Lets assume that you want to determine the most appropriate material for the tensile testing of a bar of length L (with a uniform cross-section), and safety factor N, so that the weight of the bar is minimum.

From this problem you have the following specifications:

  • Geometric
    • Length L
  • Material
    • $\rho$ material density
    • $\sigma_{UTS}$ material strength
  • Functional requirements
    • F: maximum tensile force
    • $N$: safety factor.

Determine the crucial parameter

The mass of the material is given by $m = \rho \cdot L\cdot A$

The cross-sectional area A required to transfer the force will be given by:

$$A = \frac{F\cdot N }{\sigma_{UTS}}$$

Substituting, A to the mass equation you obtain

$$m = \rho \cdot L\cdot \frac{F\cdot N }{\sigma_{UTS}}$$

Now you can rearrange the formula as follows

$$m=\underbrace{F\cdot N}_{\text{Functional}} \cdot \underbrace{L}_{\text{Geometry }} \cdot \underbrace{\frac{\rho}{\sigma_{UTS}}}_{\text{material}}$$

From this you can see that in order to minimise the mass for this type of loading you need to minimise the ratio $\frac{\rho}{\sigma_{UTS}}$ or equivalently maximise the ratio $\frac{\sigma_{UTS}}{\rho}$.

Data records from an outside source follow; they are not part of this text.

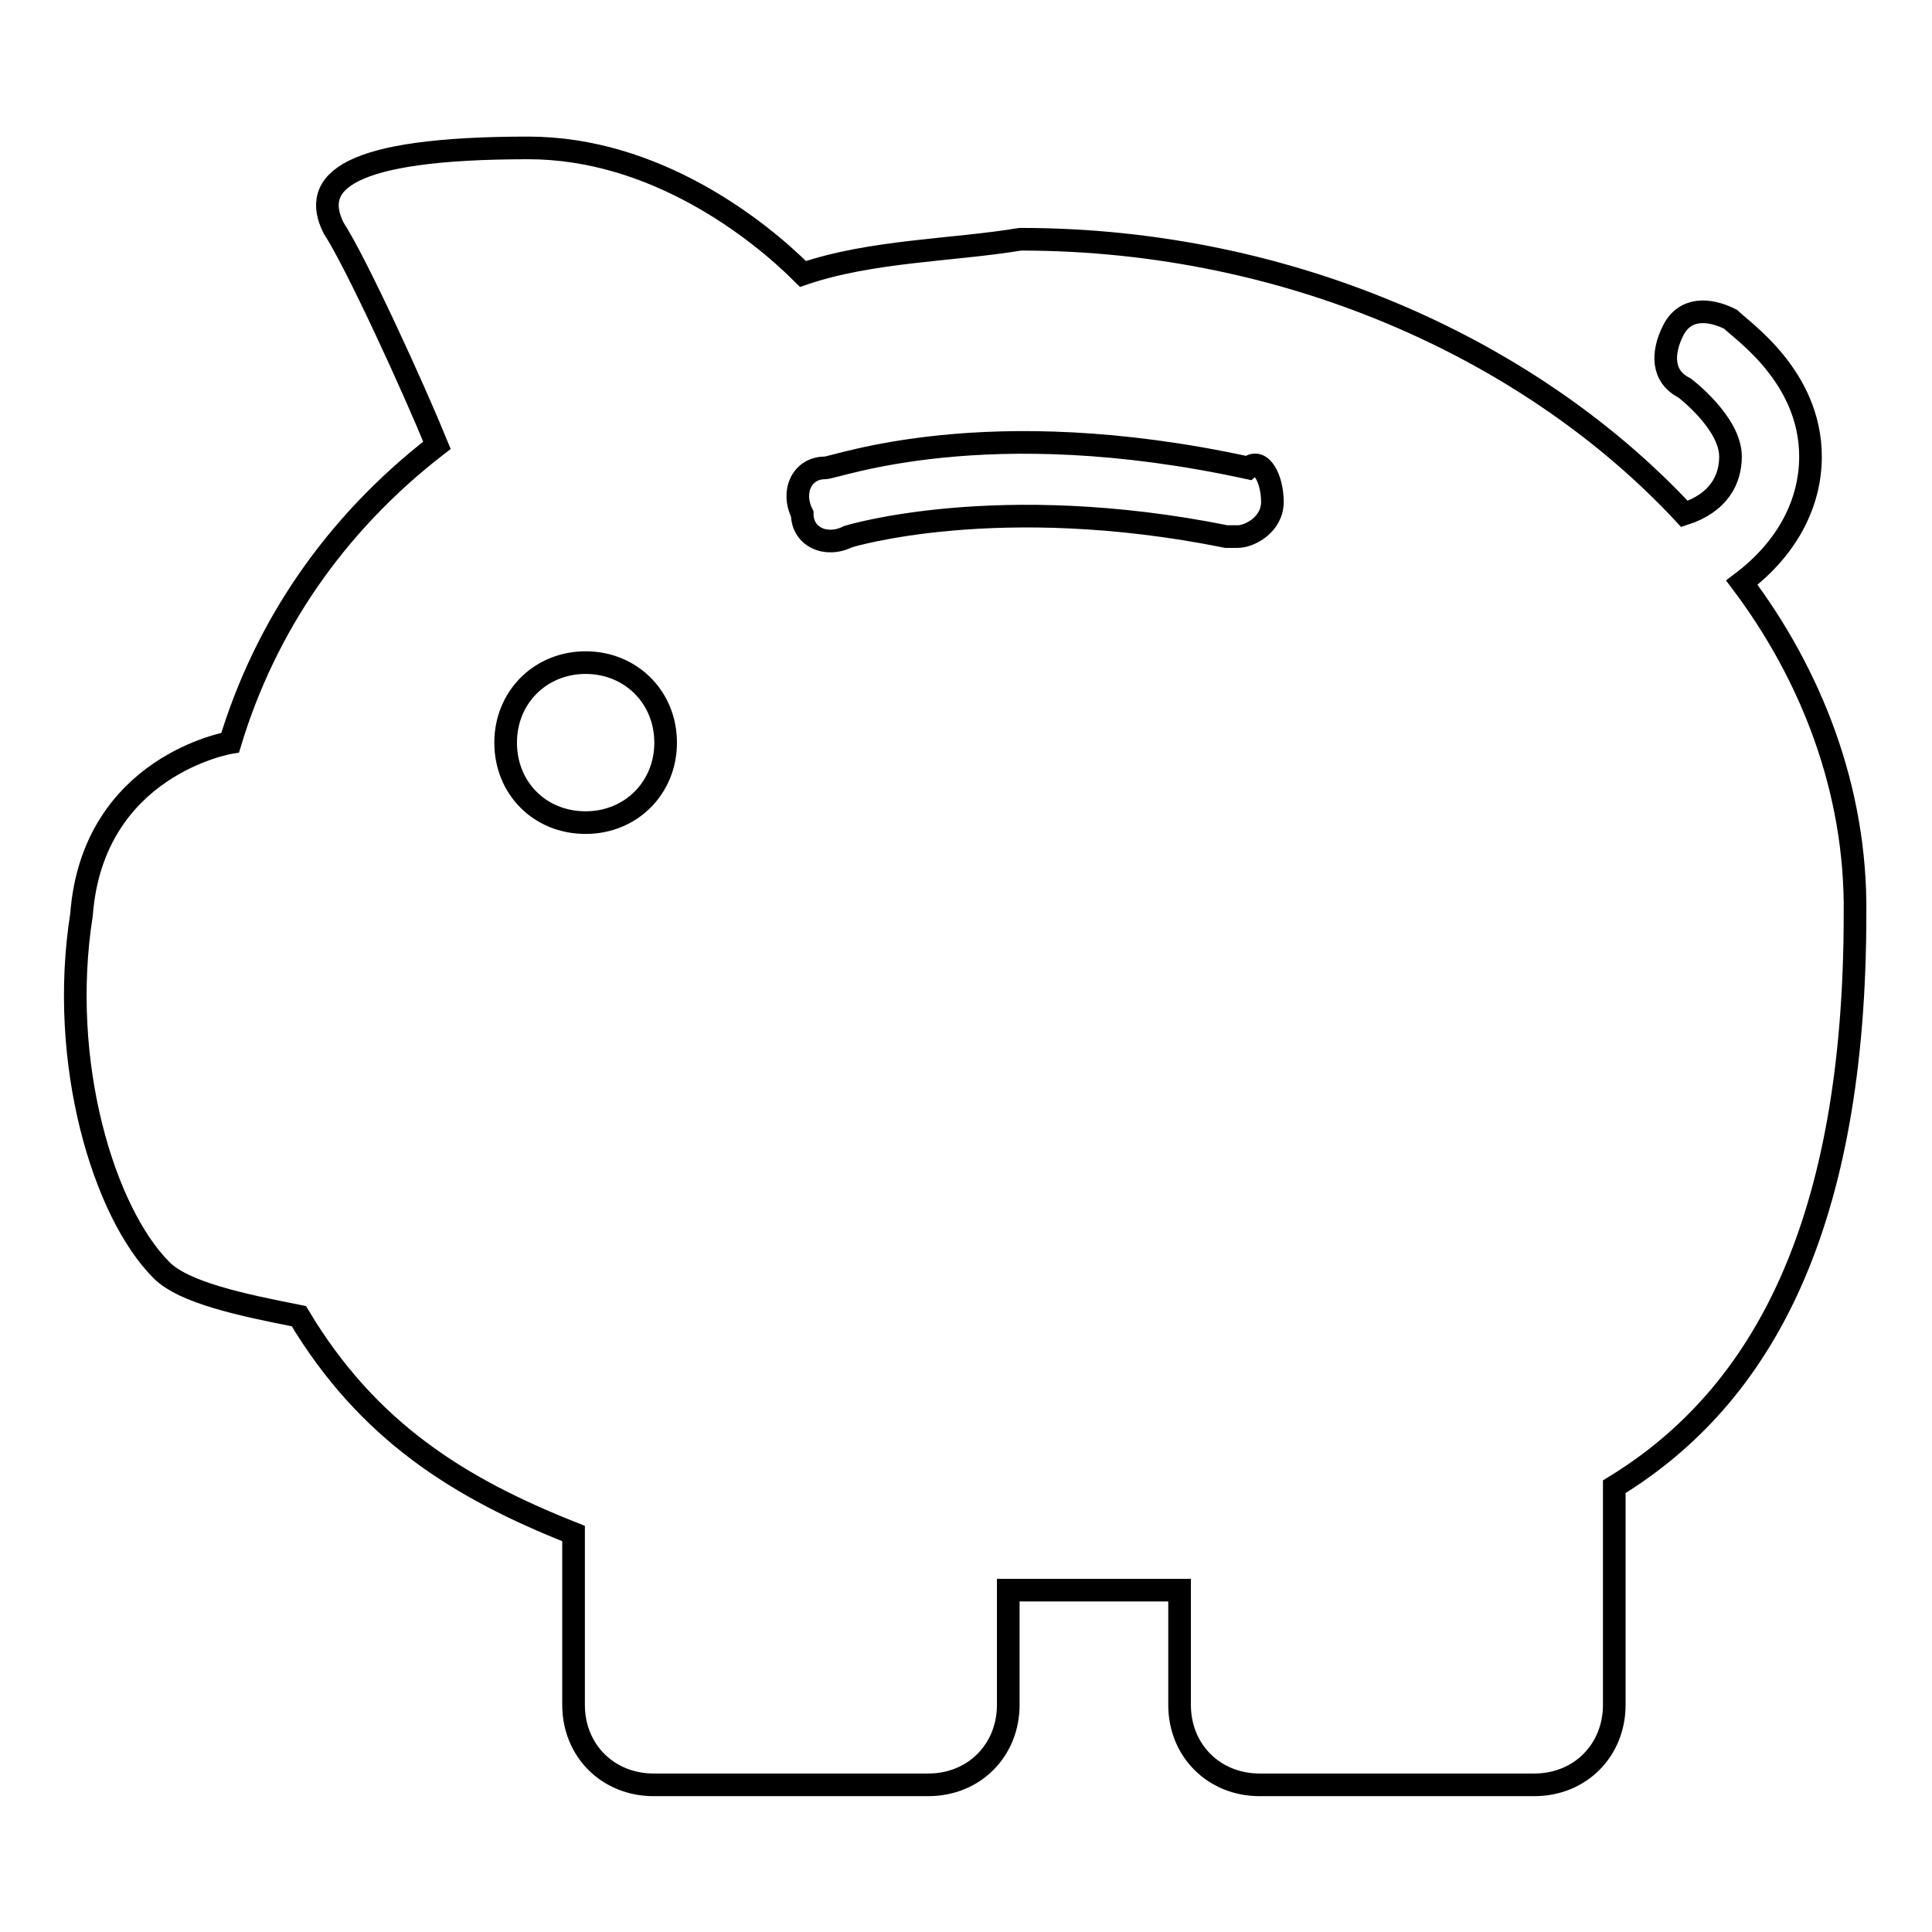 <?xml version="1.0" encoding="utf-8"?>
<!-- Svg Vector Icons : http://www.onlinewebfonts.com/icon -->
<!DOCTYPE svg PUBLIC "-//W3C//DTD SVG 1.1//EN" "http://www.w3.org/Graphics/SVG/1.1/DTD/svg11.dtd">
<svg version="1.1" xmlns="http://www.w3.org/2000/svg" xmlns:xlink="http://www.w3.org/1999/xlink" x="0px" y="0px" viewBox="0 0 256 256" enable-background="new 0 0 256 256" xml:space="preserve">
<g><g><path stroke-width="3" fill-opacity="0" stroke="#000000"  d="M230.8,77.2c6.1-4.6,9.1-10.6,9.1-16.7c0-10.6-9.1-16.7-10.6-18.2c-3-1.5-6.1-1.5-7.6,1.5c-1.5,3-1.5,6.1,1.5,7.6c0,0,6.1,4.6,6.1,9.1c0,3-1.5,6.1-6.1,7.6c-19.7-21.2-51.6-36.4-88-36.4c-9.1,1.5-19.7,1.5-28.8,4.6c-6.1-6.1-19.7-16.7-36.4-16.7c-24.3,0-28.8,4.6-25.8,10.6c3,4.6,10.6,21.2,13.7,28.8C44.2,69.6,35.1,83.2,30.5,98.4l0,0c0,0-18.2,3-19.7,22.8c-3.1,19.7,3,39.5,10.6,47.1c3,3,10.6,4.6,18.2,6.1c9.1,15.2,21.2,22.8,36.4,28.8c0,0,0,0,0,1.5v21.2c0,6.1,4.6,10.6,10.6,10.6h36.4c6.1,0,10.6-4.6,10.6-10.6v-15.2c1.5,0,1.5,0,3,0c7.6,0,13.7,0,19.7,0v15.2c0,6.1,4.6,10.6,10.6,10.6h36.4c6.1,0,10.6-4.6,10.6-10.6V197c19.8-12.1,31.9-34.9,31.9-75.9C246,104.5,239.9,89.3,230.8,77.2z M77.6,109c-6.1,0-10.6-4.6-10.6-10.6s4.6-10.6,10.6-10.6s10.6,4.6,10.6,10.6S83.6,109,77.6,109z M168.6,66.5c0,3-3,4.6-4.6,4.6c0,0,0,0-1.5,0c-30.3-6.1-50.1,0-50.1,0c-3,1.5-6.1,0-6.1-3c-1.5-3,0-6.1,3-6.1c1.5,0,21.2-7.6,56.1,0C167.1,60.5,168.6,63.5,168.6,66.5z"/></g></g>
</svg>

Then you can look for Ashby diagrams for Strength - density and find out which material is the most appropriate.

enter image description here

Other examples

You can follow the same pattern and you can for example:

  • Determine the material properties to minimise the deflection given a specific mass.

In that case you would end up with material index $\frac{E}{\rho}$. Again you would look for an Ashby diagram for Stiffness - Density and select the most appropriate material

  • Determine the material properties to minimise the cost of the material for a given deflection.

In that case you would end up with material index $\frac{E}{\rho\cdot C_m}$ (where $C_m$ is the material cost per kilo). Again you would look for an Ashby diagram for Stiffness - Density and select the most appropriate material

  • Other loading conditions:

Things become more interesting when you consider buckling, bending or torsion.

final thoughts

Obviously this is tailor made to the application you have in mind. Therefore you are required to do some work depending on your problem. However, it is arguably a good starting point to categorize the materials based on the specific parameters of the problem at hand.

Of course, there are other parameters like workability, corrosion, toxicity that will remove some candidates, that need to be considered.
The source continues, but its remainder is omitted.